**Task directions**. Look through the material below and return every line that contains "Então".

**Material supplied**.
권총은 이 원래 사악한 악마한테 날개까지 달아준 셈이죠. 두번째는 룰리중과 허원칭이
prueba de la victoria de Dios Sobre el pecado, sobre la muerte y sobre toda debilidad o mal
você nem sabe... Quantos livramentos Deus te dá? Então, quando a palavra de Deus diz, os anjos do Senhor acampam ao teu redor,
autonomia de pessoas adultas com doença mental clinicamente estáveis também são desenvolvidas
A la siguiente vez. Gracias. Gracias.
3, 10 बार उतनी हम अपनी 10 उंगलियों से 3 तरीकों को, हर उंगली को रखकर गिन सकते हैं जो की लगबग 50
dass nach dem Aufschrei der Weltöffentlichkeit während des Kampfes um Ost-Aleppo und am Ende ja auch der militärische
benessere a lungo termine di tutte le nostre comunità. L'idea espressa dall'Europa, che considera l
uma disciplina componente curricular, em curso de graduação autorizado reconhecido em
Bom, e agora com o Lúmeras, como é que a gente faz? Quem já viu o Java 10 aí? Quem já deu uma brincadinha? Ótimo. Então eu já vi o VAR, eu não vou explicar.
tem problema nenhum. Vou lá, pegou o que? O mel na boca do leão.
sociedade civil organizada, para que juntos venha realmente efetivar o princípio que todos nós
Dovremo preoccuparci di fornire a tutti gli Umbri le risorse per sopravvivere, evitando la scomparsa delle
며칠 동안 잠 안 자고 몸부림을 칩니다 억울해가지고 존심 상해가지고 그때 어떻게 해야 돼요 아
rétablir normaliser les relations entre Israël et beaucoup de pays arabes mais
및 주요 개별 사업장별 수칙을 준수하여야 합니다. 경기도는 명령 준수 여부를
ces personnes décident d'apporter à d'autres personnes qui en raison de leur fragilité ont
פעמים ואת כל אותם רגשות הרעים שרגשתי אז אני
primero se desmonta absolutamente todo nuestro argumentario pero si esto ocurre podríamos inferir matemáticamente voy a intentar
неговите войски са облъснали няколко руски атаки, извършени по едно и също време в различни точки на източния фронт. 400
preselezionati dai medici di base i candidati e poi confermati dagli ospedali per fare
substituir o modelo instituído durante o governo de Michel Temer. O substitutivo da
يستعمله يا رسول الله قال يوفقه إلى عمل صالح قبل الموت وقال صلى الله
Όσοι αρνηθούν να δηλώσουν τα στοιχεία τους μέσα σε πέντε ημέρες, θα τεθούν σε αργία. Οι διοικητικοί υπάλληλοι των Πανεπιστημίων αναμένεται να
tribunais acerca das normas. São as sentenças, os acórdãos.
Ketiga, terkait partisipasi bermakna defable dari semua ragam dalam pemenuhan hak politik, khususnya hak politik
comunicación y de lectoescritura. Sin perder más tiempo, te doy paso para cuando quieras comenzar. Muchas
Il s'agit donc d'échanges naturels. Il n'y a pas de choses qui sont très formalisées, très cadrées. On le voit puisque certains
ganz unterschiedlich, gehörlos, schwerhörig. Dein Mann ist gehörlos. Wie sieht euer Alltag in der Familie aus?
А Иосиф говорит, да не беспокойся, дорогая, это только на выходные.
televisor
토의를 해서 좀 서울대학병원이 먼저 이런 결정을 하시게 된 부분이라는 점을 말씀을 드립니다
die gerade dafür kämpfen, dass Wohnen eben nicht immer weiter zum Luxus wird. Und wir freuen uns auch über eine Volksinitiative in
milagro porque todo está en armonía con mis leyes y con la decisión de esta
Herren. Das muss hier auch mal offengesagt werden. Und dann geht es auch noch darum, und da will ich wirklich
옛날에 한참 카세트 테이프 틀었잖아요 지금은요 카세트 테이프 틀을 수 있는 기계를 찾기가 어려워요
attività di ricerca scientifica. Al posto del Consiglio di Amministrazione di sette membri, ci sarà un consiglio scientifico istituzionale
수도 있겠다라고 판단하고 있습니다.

**Written answer**.
você nem sabe... Quantos livramentos Deus te dá? Então, quando a palavra de Deus diz, os anjos do Senhor acampam ao teu redor,
Bom, e agora com o Lúmeras, como é que a gente faz? Quem já viu o Java 10 aí? Quem já deu uma brincadinha? Ótimo. Então eu já vi o VAR, eu não vou explicar.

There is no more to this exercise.